Musk's SpaceX plans to go public as early as the second half of 2026, and the news instantly ignited the market's anticipation for a "super unicorn" IPO.
SpaceX is currently valued at about $1.5 trillion and will raise about $40 billion if it sells a 5% stake as planned — which would break Saudi Aramco's $29 billion record for the world's largest IPO in 2019.
What's more, SpaceX, as a "giant" private company, has stayed away from the stock market for a long time. Its listing could be the trigger for a group of "hundred-unicorns" (unlisted companies with a valuation of more than $100 billion), such as payment giant Stripe, to go to the open market.
These companies have historically chosen private equity financing for the simple reason that private equity can give higher valuations than the open market; there is no need to explain performance to the public every quarter; There is no need to endure stock price fluctuations and public opinion pressure.
However, since the global IPO boom subsided in 2021, public market fundraising has continued to be sluggish. Now, if SpaceX really succeeds in going public and is accepted by the market, it is equivalent to sending a signal to other "super unicorns": it is time to get out of the private equity greenhouse and accept the test of the capital market.
Of course, this is also a big test - are investors willing to pay for a space company that is not fully profitable but has great prospects? The answer will directly affect the landscape of the US stock market in the coming years.
| If SpaceX goes public, will the market "catch up"?
If SpaceX does go public at a valuation of $1.5 trillion and sell a 5% stake, it will raise about $75 billion — not only the largest IPO in history, but even more than the total amount of traditional U.S. IPO financing in the past 13 years and 8 full years (excluding SPACs and closed-end funds).
This means that the capital capacity, trading system and investor enthusiasm of the entire market will face a "stress test".
Paul Abrahimzadeh, a former Citigroup executive and partner at 1789 Capital, believes that "half of the S&P 500 companies have a market capitalization of less than $40 billion. SpaceX is a completely different magnitude - it will definitely attract a large number of institutional and retail investors to rush to buy, and it is a 'must-match' stock. ”
But many people also questioned: Is this valuation really reasonable?
David Erickson, associate professor at Columbia Business School and former head of global equity capital markets at Barclays, said bluntly: "I'm not worried about whether the market has money to buy, what I'm worried about is - is it worth the price?
Judging from the current revenue and business scale of SpaceX or OpenAI, it is difficult to convince people to support a trillion-dollar valuation. In the open market, you have to convince budget-conscious investors that stories alone are not enough. ”
SpaceX's listing is not a question of "whether it can be sold", but "whether everyone is willing to pay for its sky-high valuation with real money". Once listed, it will no longer be Musk's "private dream" and must be subjected to strict torture in the open market.
No matter how good the private equity market is, it is not a "safe"
While the private market now looks well-funded and active, these good days won't last forever.

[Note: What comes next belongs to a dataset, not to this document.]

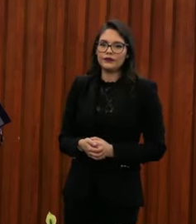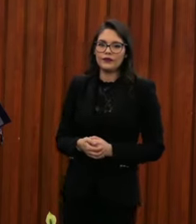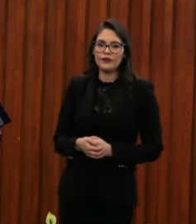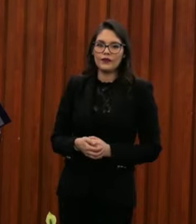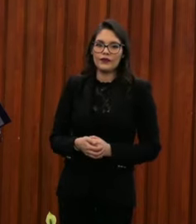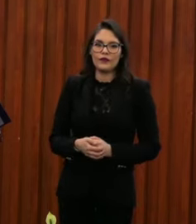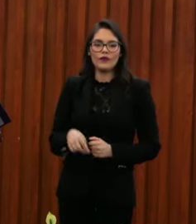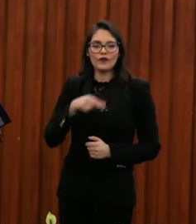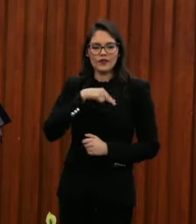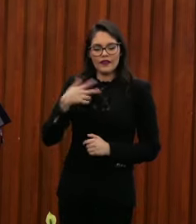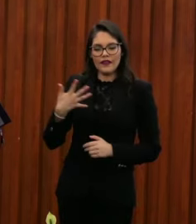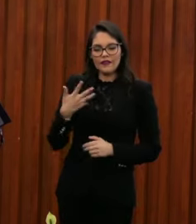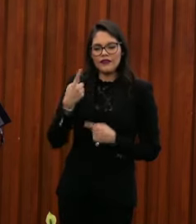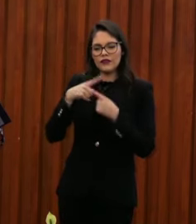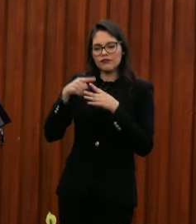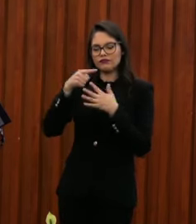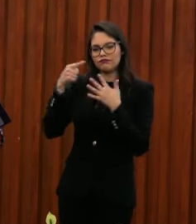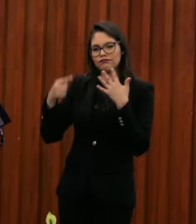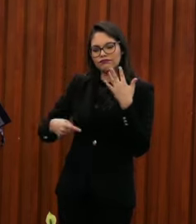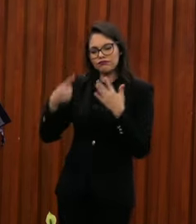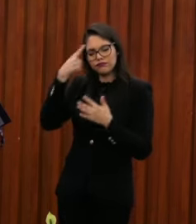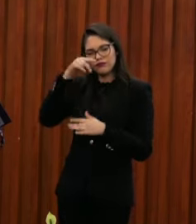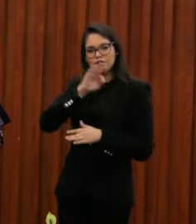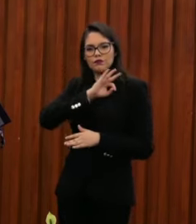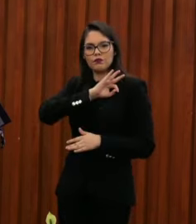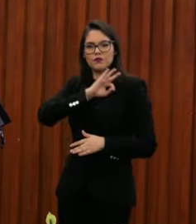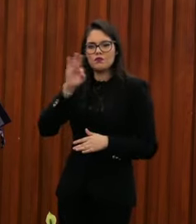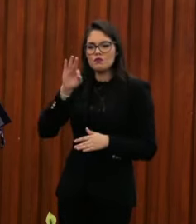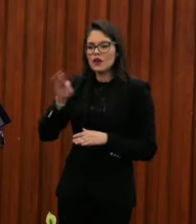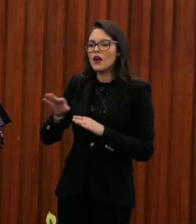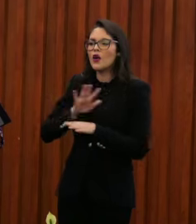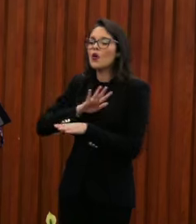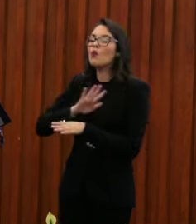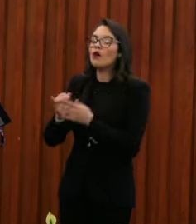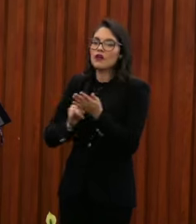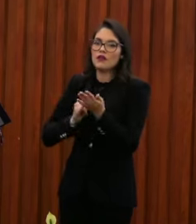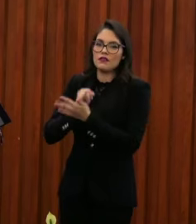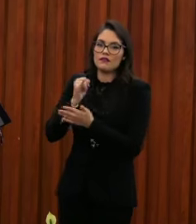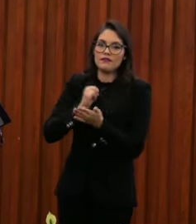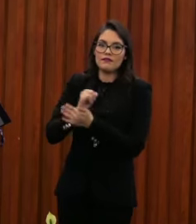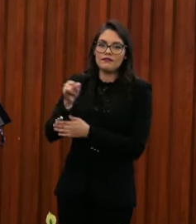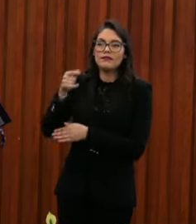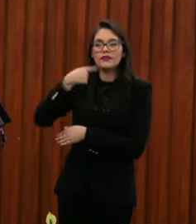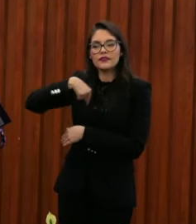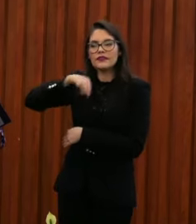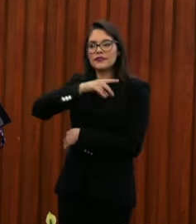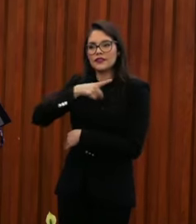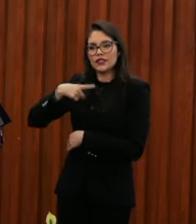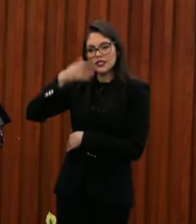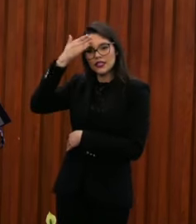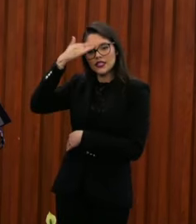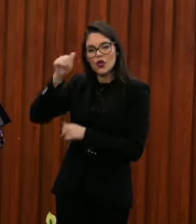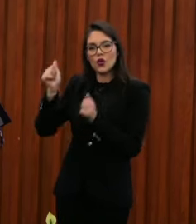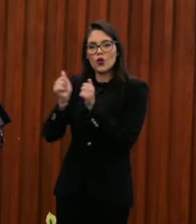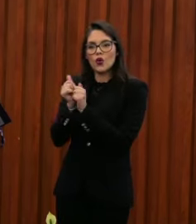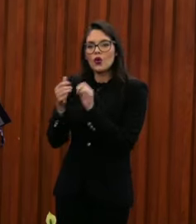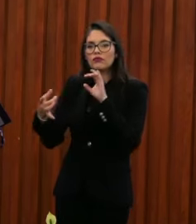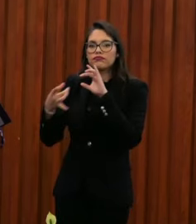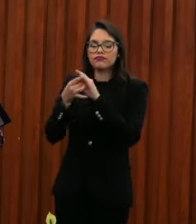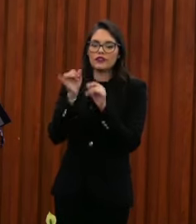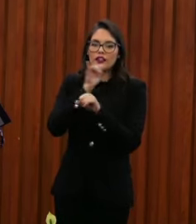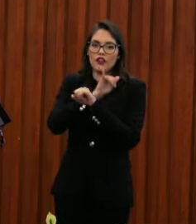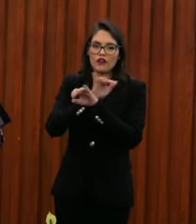gama de alternativas informativas que nos permitan tomar decisiones informadas, allegarnos información sobre la vida pública,

Morgan Stanley's Colin Stewart is often asked, "Why go public when private equity is so hot?" His answer was very direct: "Today's liquidity does not mean that there will be tomorrow." The economy experiences big fluctuations every 5 to 10 years, and liquidity can dry up overnight. ”
In the past, large companies like SpaceX could provide some liquidity by arranging for employees or early investors to sell shares regularly. But as the company gets bigger and the valuation gets higher and higher, this method is becoming more and more difficult to operate.
Want to keep selling shares at higher valuations? There will be more and more no one to take over. It is better to simply go public and let the open market price and provide real liquidity.
Barclays' Rob Stowe also pointed out that mega-IPOs have a non-negligible impact: "Missing a small IPO of hundreds of millions of dollars has little impact on large funds; But if you miss a star company of $50 billion or even $500 billion, and it rises sharply after listing, then your portfolio may seriously underperform its peers. ”
Abrahimzadeh of 1789 Capital hit the nail on the head: "These 'super unicorns' are so big that no one can afford them. The road of mergers and acquisitions is basically not working, and listing is almost the only way out. ”
Don't blindly chase higher, but lay out the ecological chain in advance
For ordinary investors: SpaceX may have an emotional premium in the early stage of listing, so don't chase it high with FOMO (fear of missing out); Focus on its supply chain and partners: aerospace materials (e.g., carbon fiber, specialty alloys); satellite chip and ground terminal manufacturer; Starlink application scenarios (maritime communications, Internet in remote areas).
For institutional investors: study the fundamentals of the "hundred-unicorn" in advance to avoid being biased by marketing stories; Pay attention to the pace of IPO and market acceptance, and be wary of the liquidity shock caused by "listing together".